TWS/Graph at a major bank

Important note: The Author uses "OPC" instead of "TWS for z/OS"

What has been achieved in the first year

A large UK bank purchased TWS/Graph to simplify its batch scheduling process. The bank has now been using TWS/Graph for about a year.

TWS/Graph for OPC is a graphical, search and documentation tool for use with OPC, IBM OS/390 Batch Scheduler. OPC is almost entirely text based. TWS/Graph allows the people responsible for planning the scheduling of the major batch processing of large mainframe sites to get a clear overview of the whole process and to focus on specific areas easily and quickly. It can also automatically produce accurate documentation for the batch schedule.

 An Operations Analyst with many years experience, describes his first twelve months experience of using TWS/Graph. The bank had “A huge OPC database of over 60,000 application descriptions. This was primarily due to a policy of retaining multiple versions of each application for auditing and backout purposes.”

Using TWS/Graph to clean OPC

TWS/Graph can provide an accurate overview of OPC both graphically and by using simple and complex queries.

“TWS/Graph was used to identify these (old versions) and other applications, which were redundant. The results showed that if we could find a secure repository for these applications, then it would be possible to reduce the working database by over two thirds. 

“TWS/Audit fitted the bill perfectly as it became the one stop shop for information on all changes to the OPC databases and, most importantly, provided the facility to retrieve old versions for backout purposes.”

TWS/Audit is one of the sister products of TWS/Graph which allows a full audit trail and backout process to be implemented.
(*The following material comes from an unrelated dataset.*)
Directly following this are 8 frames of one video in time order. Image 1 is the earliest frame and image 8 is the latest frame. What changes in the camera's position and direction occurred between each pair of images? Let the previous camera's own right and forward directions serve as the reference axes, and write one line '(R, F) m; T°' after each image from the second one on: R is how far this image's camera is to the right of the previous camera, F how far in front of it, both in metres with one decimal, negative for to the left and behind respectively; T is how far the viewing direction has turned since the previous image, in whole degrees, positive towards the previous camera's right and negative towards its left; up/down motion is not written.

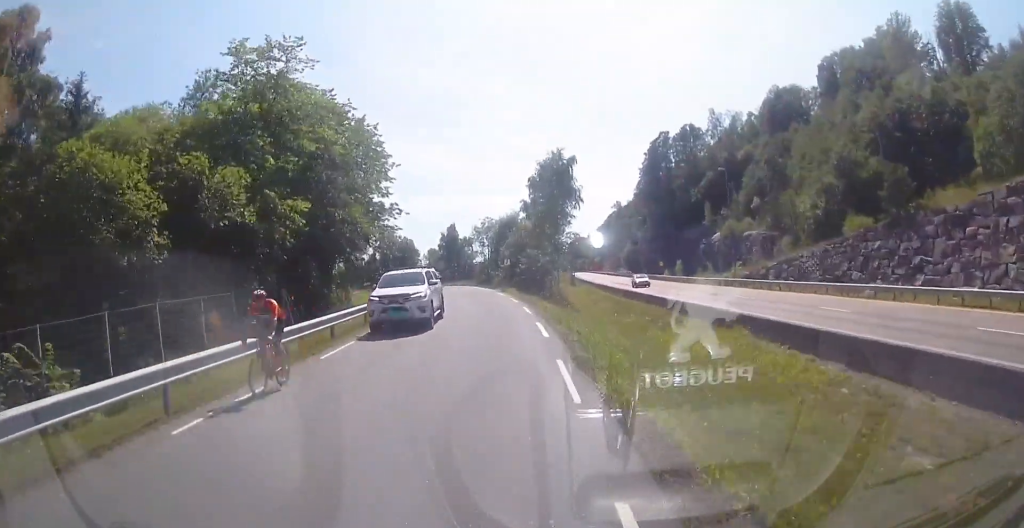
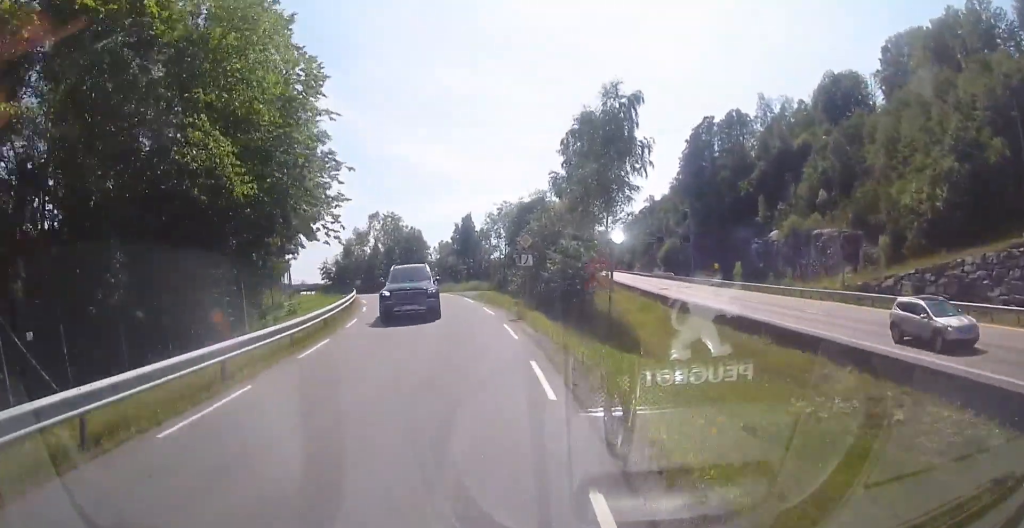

Alex continued “So now we had a more manageable OPC (database) we could look to providing accurate and timely information to all users, not just those with an understanding of OPC. This (the clean OPC database) was maintained by running TWS/Graph programs to identify daily which applications were no longer required and then deleting them with OPC batch commands.”

Improving Standards

TWS/Graph has extensive cross-referencing and enables complex searches to be performed online or in batch. “Using TWS/Graph supplied programs, I managed to implement a process to check on the adherence to standards.”

Spreading the knowledge

Alex has also “rolled out TWS/Graph to the development community who were just beginning to form a habit of reviewing their schedules themselves, rather than picking up the phone and ringing the Ops Analysts.”

Other users can view TWS/Graph information either;

·        directly

·        on files downloaded to a computer or a server

·        or via the inter/intranet

This information includes Barcharts, Status Monitoring and Netplans (flowcharts) and Documentation.

Monitoring the Production schedule

TWS/Graph can monitor the production process and alert people when certain conditions arise for example errors or late starting of jobs.

Alex “had built a monitor tree for the 'video wall' on the Operations Bridge. Although I had proved it's stability I couldn't take it any further as there was no TCPIP stack on the production LPAR.” There are now “plans to expand this facility to the business applications designated as the 'top twenty services'.”

Accurate duplication for user testing

TWS/Graph and its sister products such as TWS/Batch AD are very useful for duplicating  batch environments.

“OPC application netplans are unloaded from production to the PC, converted into batchloader cards, and loaded to our user acceptance testing environment, for full batch program testing.”

Alex concludes “Can't think of anything else at the moment although I have a simple one pager which I passed to the analysts giving them tips on what TWS/Graph and Audit could be used for.”